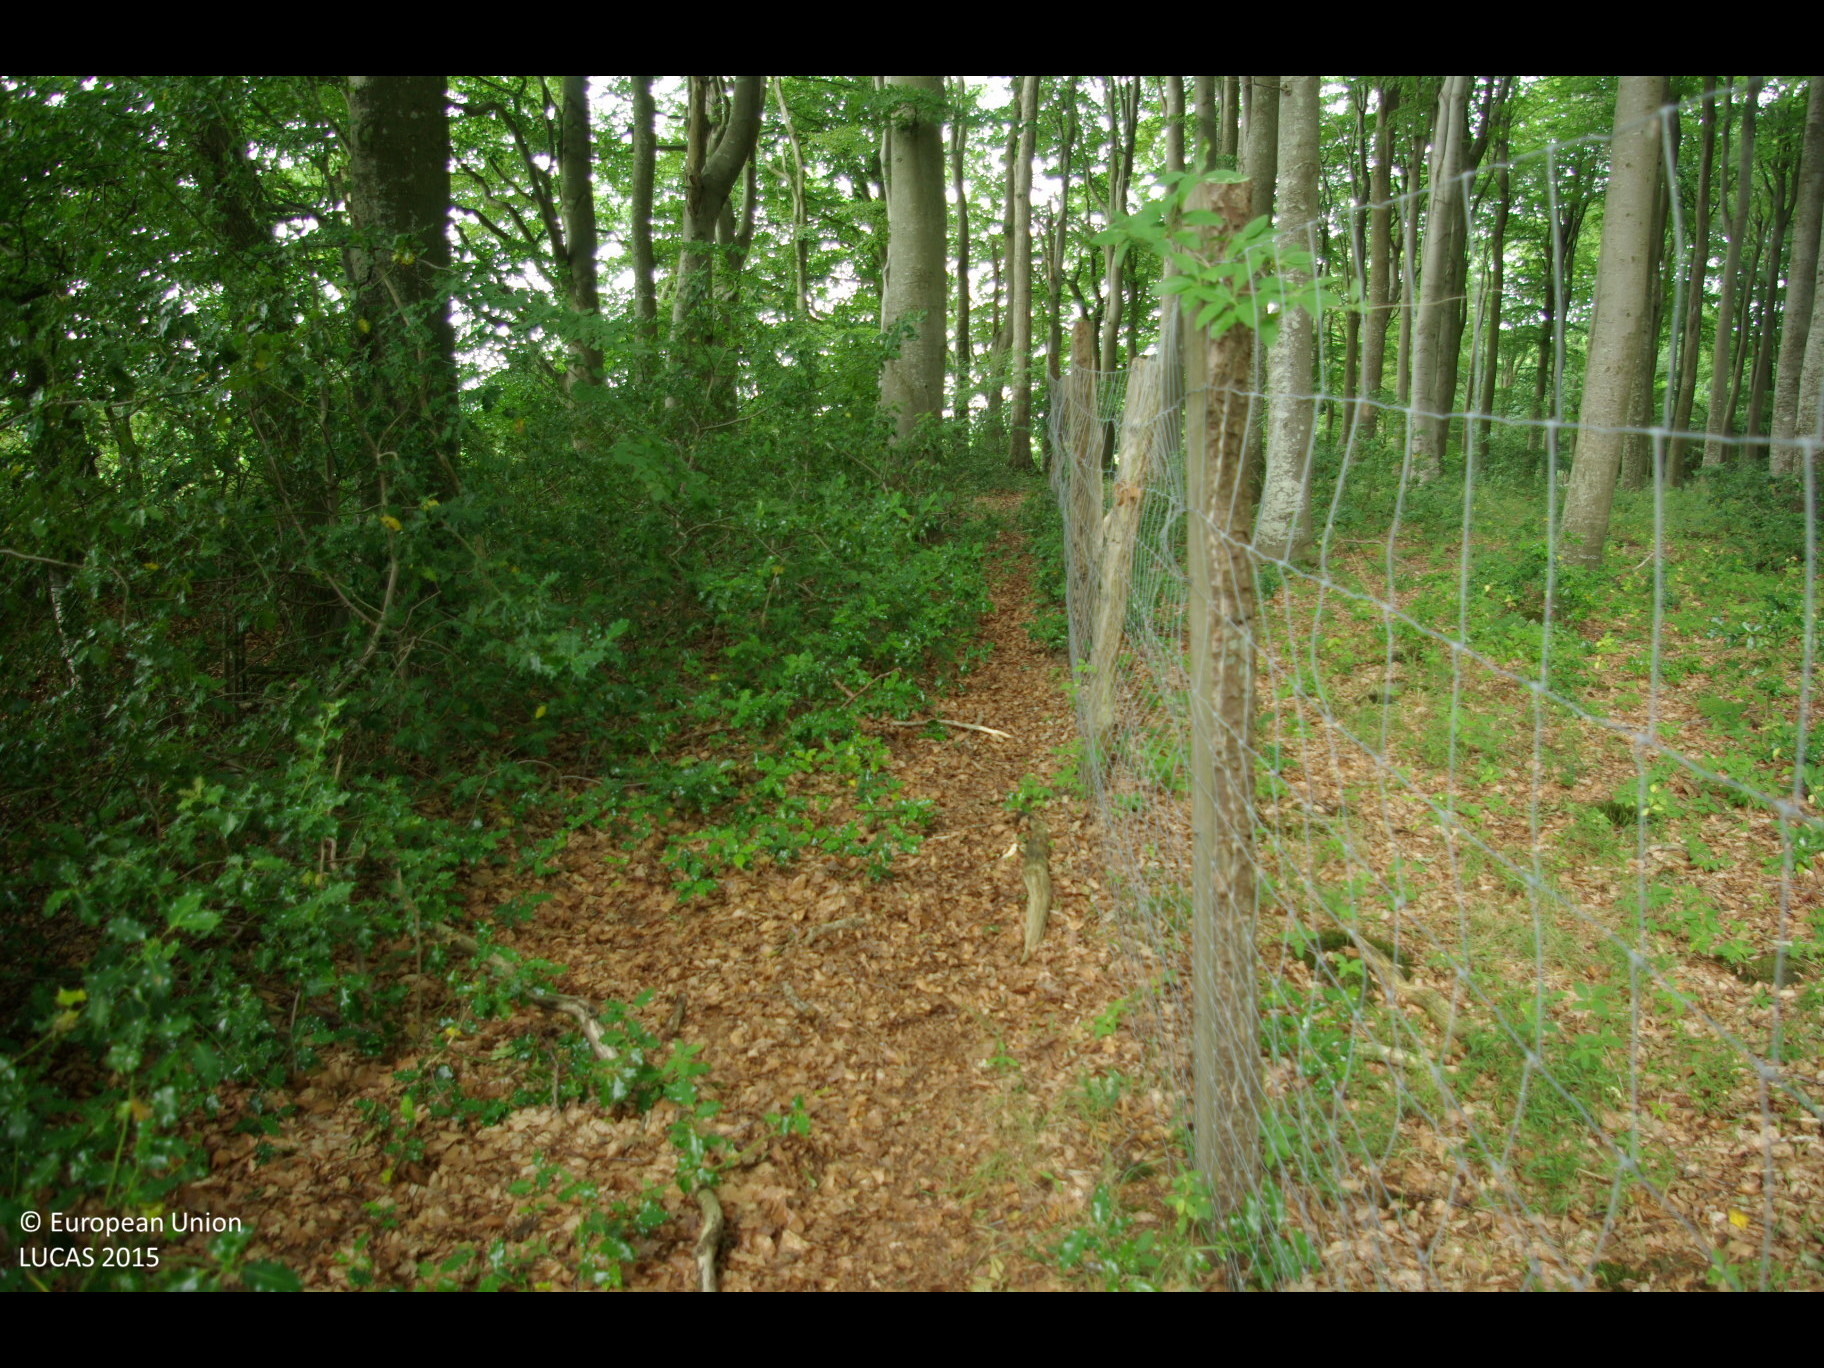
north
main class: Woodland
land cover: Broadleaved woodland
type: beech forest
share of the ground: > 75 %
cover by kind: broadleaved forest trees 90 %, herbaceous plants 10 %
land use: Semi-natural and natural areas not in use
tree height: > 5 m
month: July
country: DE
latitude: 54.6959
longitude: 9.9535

++++++++++

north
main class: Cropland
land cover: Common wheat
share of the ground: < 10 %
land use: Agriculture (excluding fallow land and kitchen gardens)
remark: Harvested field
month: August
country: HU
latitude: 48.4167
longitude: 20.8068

++++++++++

- _Description of the task_: For the string "share", count the lines of the preceding listing in which it appears, and report the count alone.

- _Written answer_: 2